O sector GES

JOÃO CÉSAR DAS NEVES
DN 2015.05.27

O colapso do Grupo Espírito Santo é, simultaneamente, único e típico. Este paradoxo constitui mais um elemento insólito do extraordinário fenómeno que começamos a compreender graças a investigações como a do Parlamento.
Não é difícil constatar a espantosa singularidade da situação. Em qualquer país do mundo seria raríssimo que uma família conseguisse tal longevidade, sucesso e controlo nos negócios, consistentemente ao longo de múltiplos e contraditórios regimes e conjunturas. A partir de um núcleo original financeiro, mas estendendo a presença a variados sectores, aquilo que se veio a chamar o GES esteve quase 150 anos no centro das decisões nacionais. E, mesmo quando tudo pareceu terminar, com a nacionalização de 1975, conseguiu um renascimento espectacular que lhe trouxe ainda mais poder e influência. Ricardo Salgado foi, se possível, mais respeitado e determinante na política e economia que os seus ilustres antepassados.
Se era imponente em vida, o GES foi-o ainda mais na morte. A estranheza do longo êxito conseguiu ser ultrapassada pela queda de 2014, tão completa, súbita e imprevista que apanhou todos de surpresa. Nas vésperas do colapso, o grupo gozava ainda de enorme prestígio, credibilidade e firmeza. Ninguém, nem mesmo os denunciantes, antecipava a dimensão do desastre. O espanto desarmante das autoridades, que tinham por obrigação acompanhar estes casos, testemunha-o claramente.
Apesar de única, a situação é também muito mais comum do que parece. Podemos mesmo tomar o caso GES como representativo de um vasto sector da nossa economia. Precisamente aquele que há anos tem travado a nossa dinâmica, adiando o próximo surto de desenvolvimento.
A família Espírito Santo conseguiu fingir que possuía um conglomerado económico próspero, disfarçando os prejuízos com empréstimos indulgentes do banco do clã. Esta consanguinidade é rara, mas existem muitos outros negócios, esperemos de menor dimensão, também quase falidos mas mantidos à tona graças a condições de favor, conseguidos através de influências pessoais e políticas. Os mecanismos são variados e os expedientes múltiplos, mas pululam na nossa economia os mortos-vivos, alimentados artificialmente por rolamentos de dinheiros que encobrem inanidade produtiva. Muitos até parasitam empresas saudáveis, como o GES fez à PT. A partir de certa dimensão, o próprio banco que concedeu os auxílios incobráveis tem interesse em manter a ilusão, para não assumir perdas no balanço.

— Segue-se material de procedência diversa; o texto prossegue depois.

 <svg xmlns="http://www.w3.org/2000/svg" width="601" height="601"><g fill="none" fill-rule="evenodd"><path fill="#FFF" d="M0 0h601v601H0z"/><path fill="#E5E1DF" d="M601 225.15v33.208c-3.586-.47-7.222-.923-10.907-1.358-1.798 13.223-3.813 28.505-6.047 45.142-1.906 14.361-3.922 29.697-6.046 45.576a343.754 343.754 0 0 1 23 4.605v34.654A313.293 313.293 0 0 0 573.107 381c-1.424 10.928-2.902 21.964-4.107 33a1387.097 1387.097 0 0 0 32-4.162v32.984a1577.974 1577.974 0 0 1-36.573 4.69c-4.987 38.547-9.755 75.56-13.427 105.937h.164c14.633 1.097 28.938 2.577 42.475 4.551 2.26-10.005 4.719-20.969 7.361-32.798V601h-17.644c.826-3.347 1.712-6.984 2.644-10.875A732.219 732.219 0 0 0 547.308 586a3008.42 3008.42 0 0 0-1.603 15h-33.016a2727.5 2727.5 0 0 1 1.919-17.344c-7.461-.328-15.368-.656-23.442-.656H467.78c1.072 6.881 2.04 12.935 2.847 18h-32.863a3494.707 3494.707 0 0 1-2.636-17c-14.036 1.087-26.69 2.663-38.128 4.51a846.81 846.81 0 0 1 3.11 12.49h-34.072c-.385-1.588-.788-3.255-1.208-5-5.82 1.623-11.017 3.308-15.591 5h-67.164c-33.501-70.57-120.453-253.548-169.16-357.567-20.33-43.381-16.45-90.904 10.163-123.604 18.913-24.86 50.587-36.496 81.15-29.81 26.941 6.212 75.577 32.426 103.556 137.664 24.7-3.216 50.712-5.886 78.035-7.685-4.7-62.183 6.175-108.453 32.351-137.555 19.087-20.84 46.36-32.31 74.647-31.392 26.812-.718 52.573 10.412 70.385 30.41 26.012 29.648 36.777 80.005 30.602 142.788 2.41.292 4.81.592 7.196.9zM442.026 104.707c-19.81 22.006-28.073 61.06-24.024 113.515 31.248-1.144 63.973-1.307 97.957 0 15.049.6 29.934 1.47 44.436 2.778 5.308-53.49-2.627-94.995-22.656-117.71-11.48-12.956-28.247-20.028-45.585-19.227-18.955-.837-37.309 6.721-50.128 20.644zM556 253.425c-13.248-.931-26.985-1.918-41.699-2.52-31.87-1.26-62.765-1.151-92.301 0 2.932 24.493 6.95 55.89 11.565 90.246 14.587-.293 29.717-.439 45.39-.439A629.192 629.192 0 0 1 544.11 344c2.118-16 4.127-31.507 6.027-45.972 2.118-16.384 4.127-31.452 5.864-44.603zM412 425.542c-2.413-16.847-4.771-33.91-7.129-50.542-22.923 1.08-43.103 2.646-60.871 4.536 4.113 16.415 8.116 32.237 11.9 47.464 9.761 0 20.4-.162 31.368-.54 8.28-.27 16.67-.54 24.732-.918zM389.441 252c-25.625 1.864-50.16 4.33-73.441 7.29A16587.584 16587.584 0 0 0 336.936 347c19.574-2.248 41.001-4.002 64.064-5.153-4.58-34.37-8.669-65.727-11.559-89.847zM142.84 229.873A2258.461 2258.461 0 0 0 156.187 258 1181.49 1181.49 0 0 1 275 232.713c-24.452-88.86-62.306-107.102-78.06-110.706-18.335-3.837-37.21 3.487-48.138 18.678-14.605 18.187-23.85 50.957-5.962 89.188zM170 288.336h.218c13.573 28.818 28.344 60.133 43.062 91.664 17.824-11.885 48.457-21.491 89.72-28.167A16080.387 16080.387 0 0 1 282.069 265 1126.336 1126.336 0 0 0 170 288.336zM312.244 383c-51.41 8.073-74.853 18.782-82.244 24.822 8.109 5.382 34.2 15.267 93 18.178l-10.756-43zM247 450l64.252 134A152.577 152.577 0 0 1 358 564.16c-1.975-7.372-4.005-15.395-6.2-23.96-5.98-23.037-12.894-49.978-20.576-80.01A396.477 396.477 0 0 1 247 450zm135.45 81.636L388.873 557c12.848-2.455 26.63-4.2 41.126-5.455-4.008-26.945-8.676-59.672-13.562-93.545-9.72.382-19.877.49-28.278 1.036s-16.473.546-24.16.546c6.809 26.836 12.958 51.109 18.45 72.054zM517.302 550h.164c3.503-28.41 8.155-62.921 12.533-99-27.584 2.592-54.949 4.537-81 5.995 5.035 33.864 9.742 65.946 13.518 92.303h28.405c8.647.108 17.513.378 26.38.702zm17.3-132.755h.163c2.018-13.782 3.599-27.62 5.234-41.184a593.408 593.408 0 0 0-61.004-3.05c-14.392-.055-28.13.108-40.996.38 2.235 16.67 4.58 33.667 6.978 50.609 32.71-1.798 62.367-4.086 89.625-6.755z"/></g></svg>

Sendo, por definição, ocultas, não é fácil identificar as circunstâncias e empresas concretas. Mas os sintomas generalizados de apatia empresarial, aperto financeiro e autismo bancário dos últimos anos são por demais evidentes. A recessão acabou no início de 2013, o BCE tem jorrado imenso dinheiro e agora até os preços de petróleo dão uma ajudinha. Apesar disso o crescimento é anémico, o volume de crédito continua a cair e os novos empréstimos produtivos mantêm-se em níveis ínfimos. Tudo revela o cancro que se insiste em negar, se tenta esconder e se recusa a operar.

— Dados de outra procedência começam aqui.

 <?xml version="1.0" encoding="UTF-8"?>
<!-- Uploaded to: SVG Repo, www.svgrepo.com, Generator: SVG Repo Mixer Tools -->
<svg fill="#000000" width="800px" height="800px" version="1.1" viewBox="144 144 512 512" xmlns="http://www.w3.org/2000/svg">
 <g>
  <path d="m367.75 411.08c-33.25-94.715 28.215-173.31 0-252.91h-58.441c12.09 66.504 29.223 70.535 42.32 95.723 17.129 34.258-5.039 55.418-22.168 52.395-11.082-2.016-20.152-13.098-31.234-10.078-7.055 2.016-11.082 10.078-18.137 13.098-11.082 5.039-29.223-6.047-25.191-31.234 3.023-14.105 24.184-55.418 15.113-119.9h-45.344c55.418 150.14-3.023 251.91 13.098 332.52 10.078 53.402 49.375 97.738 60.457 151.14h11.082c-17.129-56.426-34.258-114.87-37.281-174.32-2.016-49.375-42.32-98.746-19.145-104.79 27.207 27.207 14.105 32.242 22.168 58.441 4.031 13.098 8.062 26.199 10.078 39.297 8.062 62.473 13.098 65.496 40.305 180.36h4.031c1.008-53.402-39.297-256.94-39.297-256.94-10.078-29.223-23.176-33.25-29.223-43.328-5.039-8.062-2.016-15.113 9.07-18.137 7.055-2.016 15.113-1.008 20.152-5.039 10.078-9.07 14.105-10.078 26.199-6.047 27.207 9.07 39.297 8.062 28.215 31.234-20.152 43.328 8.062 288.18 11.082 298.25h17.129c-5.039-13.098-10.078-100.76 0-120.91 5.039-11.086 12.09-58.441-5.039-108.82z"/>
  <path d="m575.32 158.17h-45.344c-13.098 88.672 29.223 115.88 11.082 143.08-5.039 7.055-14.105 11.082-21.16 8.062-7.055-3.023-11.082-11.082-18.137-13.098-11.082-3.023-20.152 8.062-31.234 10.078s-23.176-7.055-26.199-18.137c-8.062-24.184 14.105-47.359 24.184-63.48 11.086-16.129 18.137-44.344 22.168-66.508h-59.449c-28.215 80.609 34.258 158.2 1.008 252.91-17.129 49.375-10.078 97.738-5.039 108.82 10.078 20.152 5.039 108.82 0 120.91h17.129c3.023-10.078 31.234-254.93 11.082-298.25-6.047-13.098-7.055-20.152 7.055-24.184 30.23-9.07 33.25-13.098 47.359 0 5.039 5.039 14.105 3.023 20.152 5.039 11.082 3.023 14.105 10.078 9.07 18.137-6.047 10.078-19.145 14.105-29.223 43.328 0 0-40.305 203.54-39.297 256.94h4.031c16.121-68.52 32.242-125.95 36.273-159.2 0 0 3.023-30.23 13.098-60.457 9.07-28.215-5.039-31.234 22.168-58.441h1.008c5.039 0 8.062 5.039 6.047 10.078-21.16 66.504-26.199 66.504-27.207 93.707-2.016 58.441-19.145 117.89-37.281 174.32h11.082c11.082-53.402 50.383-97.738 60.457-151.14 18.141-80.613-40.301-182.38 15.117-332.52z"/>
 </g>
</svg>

Nesta crise, que é mundial, este aspecto é o que distingue os casos português, europeu e japonês da experiência americana. No outro lado do Atlântico a loucura especulativa foi igualmente dominante e até mais enfurecida; mas quando a bolha estoirou, caiu tudo o que tinha de cair, sem contemplações ou favores. Liquidaram-se os negócios insustentáveis, transferindo recursos para iniciativas de futuro. Houve ajudas de Estado, mas tinham de ser, e foram devolvidas rapidamente. Ao fim de meses a economia estava a crescer. Por muito que se deplore os enormes defeitos desse sistema, há que admirar a transparência, eficácia e flexibilidade. Lá começou a crise que contagiou todo o mundo, mas foi lá também que a doença foi imediatamente reconhecida, diagnosticada e intervencionada com clareza e coragem.

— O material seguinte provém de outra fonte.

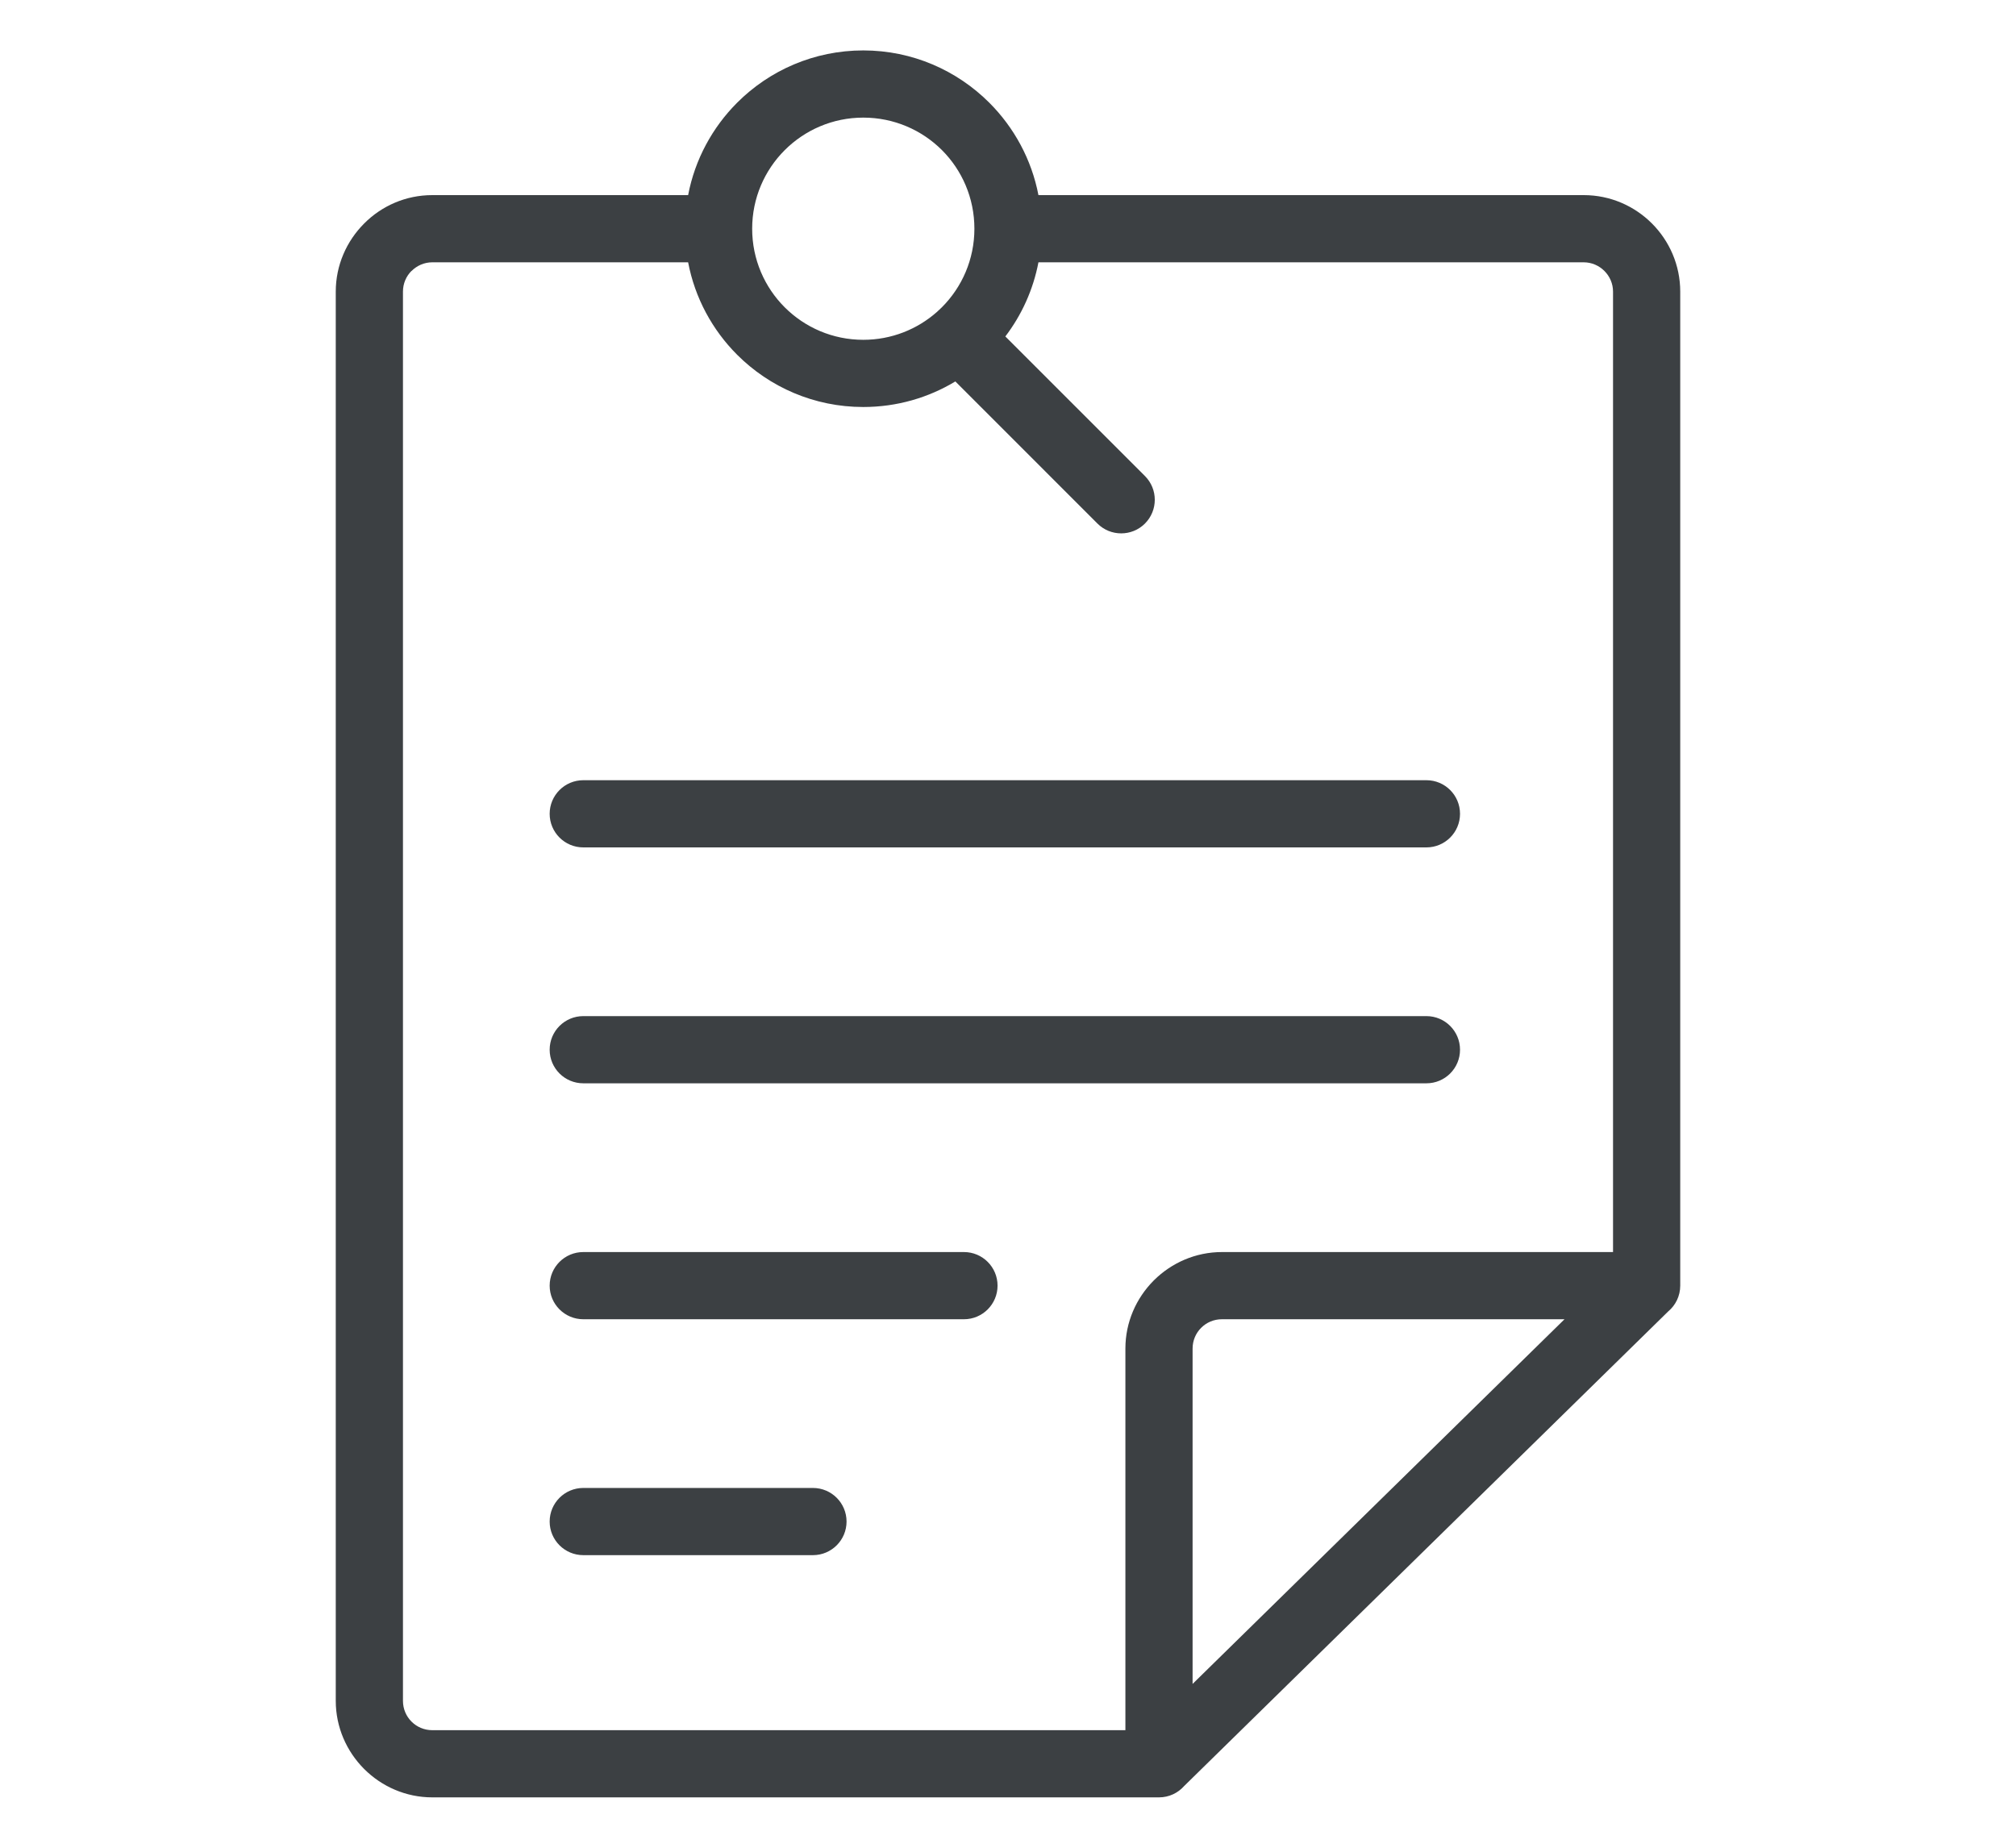 <?xml version="1.0" encoding="UTF-8"?>
<!DOCTYPE svg PUBLIC "-//W3C//DTD SVG 1.1//EN" "http://www.w3.org/Graphics/SVG/1.1/DTD/svg11.dtd">
<!-- Creator: CorelDRAW -->
<svg xmlns="http://www.w3.org/2000/svg" xml:space="preserve" width="60px" height="55px" version="1.1" style="shape-rendering:geometricPrecision; text-rendering:geometricPrecision; image-rendering:optimizeQuality; fill-rule:evenodd; clip-rule:evenodd"
viewBox="0 0 60 55"
 xmlns:xlink="http://www.w3.org/1999/xlink"
 xmlns:xodm="http://www.corel.com/coreldraw/odm/2003">
 <defs>
  <style type="text/css">
   <![CDATA[
    .fil0 {fill:none}
    .fil1 {fill:#3C4043;fill-rule:nonzero}
   ]]>
  </style>
 </defs>
 <g id="Icone">
  <rect class="fil0" width="60" height="55"/>
  <path class="fil1" d="M17.36 25.224c-0.553,0 -1.001,-0.448 -1.001,-1 0,-0.552 0.448,-1 1.001,-1l25.093 0c0.553,0 1,0.448 1,1 0,0.552 -0.447,1 -1,1l-25.093 0zm0 7.022c-0.553,0 -1.001,-0.447 -1.001,-1 0,-0.552 0.448,-1 1.001,-1l25.093 0c0.553,0 1,0.448 1,1 0,0.553 -0.447,1 -1,1l-25.093 0zm0 7.023c-0.553,0 -1.001,-0.448 -1.001,-1 0,-0.553 0.448,-1 1.001,-1l11.329 0c0.552,0 1,0.447 1,1 0,0.552 -0.448,1 -1,1l-11.329 0zm0 7.022c-0.553,0 -1.001,-0.448 -1.001,-1 0,-0.552 0.448,-1 1.001,-1l6.835 0c0.552,0 1,0.448 1,1 0,0.552 -0.448,1 -1,1l-6.835 0zm16.716 -32.121c0.39,0.39 0.39,1.023 0,1.414 -0.39,0.39 -1.024,0.39 -1.414,0l-4.229 -4.23c-0.8,0.483 -1.738,0.761 -2.74,0.761 -1.465,0 -2.792,-0.594 -3.753,-1.554 -0.736,-0.736 -1.257,-1.688 -1.46,-2.753l-7.615 0c-0.239,0 -0.457,0.099 -0.615,0.257l-0.004 0c-0.156,0.156 -0.253,0.374 -0.253,0.615l0 41.948c0,0.242 0.097,0.46 0.253,0.616l0.004 0.004c0.156,0.156 0.374,0.253 0.615,0.253l20.629 0 0 -11.36c0,-0.786 0.323,-1.503 0.843,-2.025l0.006 -0.006c0.522,-0.519 1.239,-0.841 2.024,-0.841l11.64 0 0 -28.589c0,-0.238 -0.098,-0.456 -0.257,-0.615 -0.158,-0.158 -0.376,-0.257 -0.615,-0.257l-16.229 0c-0.156,0.818 -0.5,1.569 -0.985,2.207l4.155 4.155zm-6.194 -4.882l0.15 -0.141c0.598,-0.598 0.968,-1.425 0.968,-2.339 0,-0.915 -0.369,-1.742 -0.966,-2.34 -0.598,-0.597 -1.426,-0.967 -2.341,-0.967 -0.914,0 -1.741,0.371 -2.339,0.969 -0.598,0.598 -0.968,1.425 -0.968,2.338 0,0.914 0.37,1.741 0.968,2.339 0.598,0.598 1.425,0.968 2.339,0.968 0.839,0 1.606,-0.313 2.189,-0.827zm-7.402 -3.48c0.203,-1.064 0.724,-2.016 1.46,-2.752 0.961,-0.961 2.288,-1.555 3.753,-1.555 1.462,0 2.788,0.595 3.749,1.555l0.004 0.004c0.735,0.736 1.256,1.686 1.46,2.748l16.229 0c0.791,0 1.509,0.323 2.029,0.843 0.52,0.52 0.843,1.239 0.843,2.029l0 29.589c0,0.308 -0.139,0.584 -0.358,0.767l-14.406 14.127c-0.183,0.207 -0.45,0.338 -0.749,0.338l-21.629 0c-0.786,0 -1.504,-0.323 -2.025,-0.843l-0.006 -0.006c-0.519,-0.522 -0.841,-1.239 -0.841,-2.024l0 -41.948c0,-0.786 0.323,-1.505 0.845,-2.027 0.518,-0.522 1.236,-0.845 2.027,-0.845l7.615 0zm15.014 44.316l11.069 -10.855 -10.196 0c-0.242,0 -0.46,0.097 -0.616,0.253l-0.004 0.004c-0.156,0.156 -0.253,0.374 -0.253,0.615l0 9.983z"/>
 </g>
</svg>

Por cá o tratamento de choque do programa de ajustamento corrigiu os desequilíbrios e reestruturou a economia. Muitas empresas e sectores insustentáveis desapareceram, dando lugar a novos. O desenvolvimento não dispara devido a largos extractos económicos que, apesar do aperto, conseguiram e conseguem manter ilusões produtivas atrás de manipulações financeiras, graças a apoios públicos e favores privados. Esse peso morto chega para justificar a indolência do crescimento e a rigidez do desemprego. Pode dizer-se que a nossa economia está saudável e até tem recuperado bem do terrível choque da crise. O que estraga tudo é o parasitismo do vasto sector GES.